Obviously determined players are going to find a way around this, but it’s a good attempt at dealing with what could otherwise be a serious issue. The “invasion mode” can also be disabled, if you’d prefer to focus on the objectives without the headache of another player hunting you.
You can also play the game in a co-op mode, which lets you and a friend tackle the main campaign or the survival mode together. This opens up even more tactical options, including being able to take down multiple targets simultaneously, one player creating a distraction to draw attention from whatever the other is doing, or simply being able to complete the objectives faster since you can each tackle a different one.
While most of the game is excellent, there were still a few mis-fires too.
In each level, there’s a special assassination target which, if you take out in a particular way, will unlock a new weapon. Some of these special goals are pretty straightforward, but some of them require the co-operation of the target and without that, can’t be completed. For example, in one level, I had to assassinate an informant and had been provided with a “Rat Bomb” (a dead rat with explosives in it). The idea was to plant the device where the target would see it, go “A rat! I hate rats!” and shoot it (the irony), triggering an explosion and killing them.
Except he just stayed in the office of the building, ranting about rats everywhere but not actually leaving the room (no matter what I did, including reloading an earlier save), necessitating elimination via a more traditional method – and no unique weapon reward as a result.
The scale on a lot of the levels seems off too. You’ll see a target that looks like it’s miles away (even through a scope) and you’ll get set up, compensate for windage and bullet drop, sight up target, and fire, triggering the awesome slow-mo X-ray killcam, then discover the target was only 200m away. 200m is not a particularly long-range shot with a scoped rifle, even from WWII.
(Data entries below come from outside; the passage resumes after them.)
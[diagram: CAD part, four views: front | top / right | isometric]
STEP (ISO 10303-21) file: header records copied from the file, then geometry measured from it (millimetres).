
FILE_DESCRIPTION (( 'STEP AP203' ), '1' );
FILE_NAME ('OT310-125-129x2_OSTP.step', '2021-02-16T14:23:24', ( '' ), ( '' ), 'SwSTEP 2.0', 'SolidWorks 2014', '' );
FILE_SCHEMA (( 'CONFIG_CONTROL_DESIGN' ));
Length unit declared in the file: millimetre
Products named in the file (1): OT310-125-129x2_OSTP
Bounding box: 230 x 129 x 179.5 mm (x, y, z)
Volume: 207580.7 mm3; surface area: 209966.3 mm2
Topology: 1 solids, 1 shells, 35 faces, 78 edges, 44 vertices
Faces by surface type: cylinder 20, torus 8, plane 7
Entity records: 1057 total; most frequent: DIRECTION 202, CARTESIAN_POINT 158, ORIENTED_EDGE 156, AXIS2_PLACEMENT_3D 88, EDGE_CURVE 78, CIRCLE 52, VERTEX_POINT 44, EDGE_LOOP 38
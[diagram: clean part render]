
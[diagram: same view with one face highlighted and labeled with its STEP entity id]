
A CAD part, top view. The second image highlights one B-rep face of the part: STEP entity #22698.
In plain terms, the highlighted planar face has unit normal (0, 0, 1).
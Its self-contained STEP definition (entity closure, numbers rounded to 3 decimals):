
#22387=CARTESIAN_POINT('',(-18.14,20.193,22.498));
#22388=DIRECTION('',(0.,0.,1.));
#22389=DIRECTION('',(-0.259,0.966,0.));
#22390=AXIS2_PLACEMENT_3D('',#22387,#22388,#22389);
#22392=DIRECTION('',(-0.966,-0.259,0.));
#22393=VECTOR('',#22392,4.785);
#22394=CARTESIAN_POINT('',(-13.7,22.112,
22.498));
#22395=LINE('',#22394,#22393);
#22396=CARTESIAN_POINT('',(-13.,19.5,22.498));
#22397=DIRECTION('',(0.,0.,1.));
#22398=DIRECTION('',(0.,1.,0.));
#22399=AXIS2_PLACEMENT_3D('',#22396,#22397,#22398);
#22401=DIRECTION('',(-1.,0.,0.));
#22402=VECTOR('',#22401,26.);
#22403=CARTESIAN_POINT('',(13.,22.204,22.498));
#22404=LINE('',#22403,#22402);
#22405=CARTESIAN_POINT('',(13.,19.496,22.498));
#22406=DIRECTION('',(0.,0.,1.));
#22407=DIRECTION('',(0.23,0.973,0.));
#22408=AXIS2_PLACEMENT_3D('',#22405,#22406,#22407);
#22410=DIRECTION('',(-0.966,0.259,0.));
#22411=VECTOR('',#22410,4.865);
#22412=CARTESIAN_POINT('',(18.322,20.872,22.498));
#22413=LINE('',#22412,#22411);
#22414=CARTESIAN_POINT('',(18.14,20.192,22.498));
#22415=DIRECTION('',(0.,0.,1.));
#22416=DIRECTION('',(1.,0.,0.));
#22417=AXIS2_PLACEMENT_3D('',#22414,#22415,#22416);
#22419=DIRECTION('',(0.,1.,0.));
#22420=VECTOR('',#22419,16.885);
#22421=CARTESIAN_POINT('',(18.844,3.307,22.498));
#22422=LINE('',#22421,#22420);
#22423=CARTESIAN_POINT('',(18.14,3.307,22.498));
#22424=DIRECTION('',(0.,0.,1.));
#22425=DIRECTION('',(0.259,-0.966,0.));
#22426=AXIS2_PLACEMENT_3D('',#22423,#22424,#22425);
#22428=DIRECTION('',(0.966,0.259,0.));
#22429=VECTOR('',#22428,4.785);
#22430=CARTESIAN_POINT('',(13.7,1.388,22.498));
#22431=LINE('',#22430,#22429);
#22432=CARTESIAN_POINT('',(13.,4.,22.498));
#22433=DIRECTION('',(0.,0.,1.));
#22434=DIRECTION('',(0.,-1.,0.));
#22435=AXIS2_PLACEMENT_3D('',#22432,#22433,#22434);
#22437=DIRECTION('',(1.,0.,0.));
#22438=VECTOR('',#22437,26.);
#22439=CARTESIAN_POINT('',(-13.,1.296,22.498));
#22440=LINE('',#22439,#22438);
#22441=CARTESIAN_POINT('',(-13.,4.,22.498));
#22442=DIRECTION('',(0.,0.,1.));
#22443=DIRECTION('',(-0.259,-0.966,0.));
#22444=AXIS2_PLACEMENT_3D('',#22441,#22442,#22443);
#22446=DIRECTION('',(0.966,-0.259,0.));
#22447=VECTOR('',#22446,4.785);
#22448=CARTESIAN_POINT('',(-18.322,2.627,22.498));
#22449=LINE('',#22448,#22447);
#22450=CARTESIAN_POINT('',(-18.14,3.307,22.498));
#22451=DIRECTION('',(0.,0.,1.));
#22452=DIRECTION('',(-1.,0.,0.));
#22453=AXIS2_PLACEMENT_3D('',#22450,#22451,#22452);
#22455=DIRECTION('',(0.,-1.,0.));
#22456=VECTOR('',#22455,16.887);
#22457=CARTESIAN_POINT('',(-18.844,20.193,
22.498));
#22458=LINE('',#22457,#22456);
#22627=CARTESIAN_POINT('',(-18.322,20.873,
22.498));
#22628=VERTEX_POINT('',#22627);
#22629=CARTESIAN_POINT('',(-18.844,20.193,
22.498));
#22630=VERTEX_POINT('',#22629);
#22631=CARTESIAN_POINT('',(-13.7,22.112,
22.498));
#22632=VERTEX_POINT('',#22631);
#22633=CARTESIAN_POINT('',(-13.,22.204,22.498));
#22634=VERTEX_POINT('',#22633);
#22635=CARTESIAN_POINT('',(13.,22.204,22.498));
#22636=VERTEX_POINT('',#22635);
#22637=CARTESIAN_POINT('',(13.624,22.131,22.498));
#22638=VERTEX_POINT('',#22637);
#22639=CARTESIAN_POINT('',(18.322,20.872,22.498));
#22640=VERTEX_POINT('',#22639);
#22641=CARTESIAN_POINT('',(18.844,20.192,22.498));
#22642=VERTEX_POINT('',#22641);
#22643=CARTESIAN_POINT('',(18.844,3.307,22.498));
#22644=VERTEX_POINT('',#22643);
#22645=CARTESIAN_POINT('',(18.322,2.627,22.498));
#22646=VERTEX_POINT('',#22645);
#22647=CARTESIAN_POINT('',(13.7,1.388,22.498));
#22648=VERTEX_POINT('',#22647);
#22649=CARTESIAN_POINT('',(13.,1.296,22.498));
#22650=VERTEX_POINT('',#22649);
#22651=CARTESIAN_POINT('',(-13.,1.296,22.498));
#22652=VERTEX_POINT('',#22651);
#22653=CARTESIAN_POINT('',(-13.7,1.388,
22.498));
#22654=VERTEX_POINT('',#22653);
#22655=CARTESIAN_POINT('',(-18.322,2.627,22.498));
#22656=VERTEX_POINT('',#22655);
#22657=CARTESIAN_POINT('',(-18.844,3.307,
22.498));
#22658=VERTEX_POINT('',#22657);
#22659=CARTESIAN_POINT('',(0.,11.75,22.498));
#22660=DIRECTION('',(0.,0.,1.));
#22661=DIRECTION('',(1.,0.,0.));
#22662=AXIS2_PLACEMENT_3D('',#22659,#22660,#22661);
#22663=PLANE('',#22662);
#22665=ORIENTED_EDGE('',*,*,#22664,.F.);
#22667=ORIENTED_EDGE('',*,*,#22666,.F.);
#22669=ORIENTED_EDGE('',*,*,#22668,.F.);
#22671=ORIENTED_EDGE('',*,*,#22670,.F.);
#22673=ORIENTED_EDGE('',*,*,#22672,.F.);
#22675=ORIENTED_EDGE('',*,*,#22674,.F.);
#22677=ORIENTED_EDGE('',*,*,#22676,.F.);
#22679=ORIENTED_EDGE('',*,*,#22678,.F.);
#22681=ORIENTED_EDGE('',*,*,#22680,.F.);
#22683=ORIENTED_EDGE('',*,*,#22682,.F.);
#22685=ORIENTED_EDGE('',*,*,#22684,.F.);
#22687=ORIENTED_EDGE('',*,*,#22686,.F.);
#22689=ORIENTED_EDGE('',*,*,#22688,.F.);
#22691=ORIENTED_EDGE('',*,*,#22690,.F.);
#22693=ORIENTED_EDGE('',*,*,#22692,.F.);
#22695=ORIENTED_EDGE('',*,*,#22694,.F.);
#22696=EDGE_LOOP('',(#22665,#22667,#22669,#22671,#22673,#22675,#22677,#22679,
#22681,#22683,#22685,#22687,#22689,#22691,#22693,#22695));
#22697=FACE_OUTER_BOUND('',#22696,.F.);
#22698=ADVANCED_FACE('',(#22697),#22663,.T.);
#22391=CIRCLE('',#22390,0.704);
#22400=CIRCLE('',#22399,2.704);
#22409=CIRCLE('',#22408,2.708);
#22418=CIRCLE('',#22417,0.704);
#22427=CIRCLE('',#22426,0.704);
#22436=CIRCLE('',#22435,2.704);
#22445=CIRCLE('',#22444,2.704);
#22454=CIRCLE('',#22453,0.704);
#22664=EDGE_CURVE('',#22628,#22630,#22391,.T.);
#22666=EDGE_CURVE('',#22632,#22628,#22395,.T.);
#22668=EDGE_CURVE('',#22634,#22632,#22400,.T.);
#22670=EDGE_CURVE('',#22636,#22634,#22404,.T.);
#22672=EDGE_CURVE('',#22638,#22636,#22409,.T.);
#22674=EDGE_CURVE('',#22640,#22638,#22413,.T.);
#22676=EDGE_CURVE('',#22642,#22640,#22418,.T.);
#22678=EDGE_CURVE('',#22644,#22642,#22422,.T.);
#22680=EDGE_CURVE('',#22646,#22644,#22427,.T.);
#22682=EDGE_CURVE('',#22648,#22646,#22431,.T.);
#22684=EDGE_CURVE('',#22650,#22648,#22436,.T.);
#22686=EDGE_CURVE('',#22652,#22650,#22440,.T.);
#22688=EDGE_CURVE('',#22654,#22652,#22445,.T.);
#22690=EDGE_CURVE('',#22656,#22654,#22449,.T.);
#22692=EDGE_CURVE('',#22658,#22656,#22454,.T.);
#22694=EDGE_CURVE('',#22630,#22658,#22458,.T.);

The game really needs proper long-range sniper opportunities, much like Sniper: Ghost Warrior Contracts 2, which had 1km+ shots.
I also didn’t think there were enough guns in the game, and felt quite restricted in my loadout options as a result. Between the previous four Sniper Elite games, the Zombie Army games, and Strange Brigade, Rebellion have done the modelling for most of the major guns of WWII (and quite a few others) so not seeing most of them in the game was rather disappointing.
I also found the whole idea of “temporary” guns in Sniper Elite 5 just silly; guns you pick up from enemies can’t be reloaded or kept; once the mag runs out you ditch them and go back to your regular gun.
If I shoot a German soldier and take his MP-44, why can’t I keep reloading it with scrounged magazines from all the other German soldiers carrying that gun? Why is it I can take the ammo from that captured gun and use it in my SMG, even though they’re totally different calibres?
Yes, I know I’m probably overthinking a video game, but “magic interchangeable firearm calibres” is one of those “breaks the immersion” things for me, especially in a game that’s otherwise trying to be fairly realistic.
Broadly, however, Sniper Elite 5 is outstanding – it’s easily the best game in the series and offers a rich, rewarding and replayable adventure which can be as easy or as challenging as you like. The levels are well-crafted and detailed, the payoff when a shot or trap comes together is extremely high, and the ability to play from “the other side” is a welcome feature too. Even though there’s only eight “full” levels, they are enormous and will take around 20 hours to get through based on my experience – and that’s not counting the other game modes available.
There’s not much out at the moment on the Big Games front so now is the ideal opportunity to load up and dial in your scope for Sniper Elite 5 – especially since it’s also available on Xbox Game Pass. Even if you’ve never played one of the previous games, this is an extremely accessible and worthwhile game which is definitely worth playing if you’re a fan of WWII or shooting games.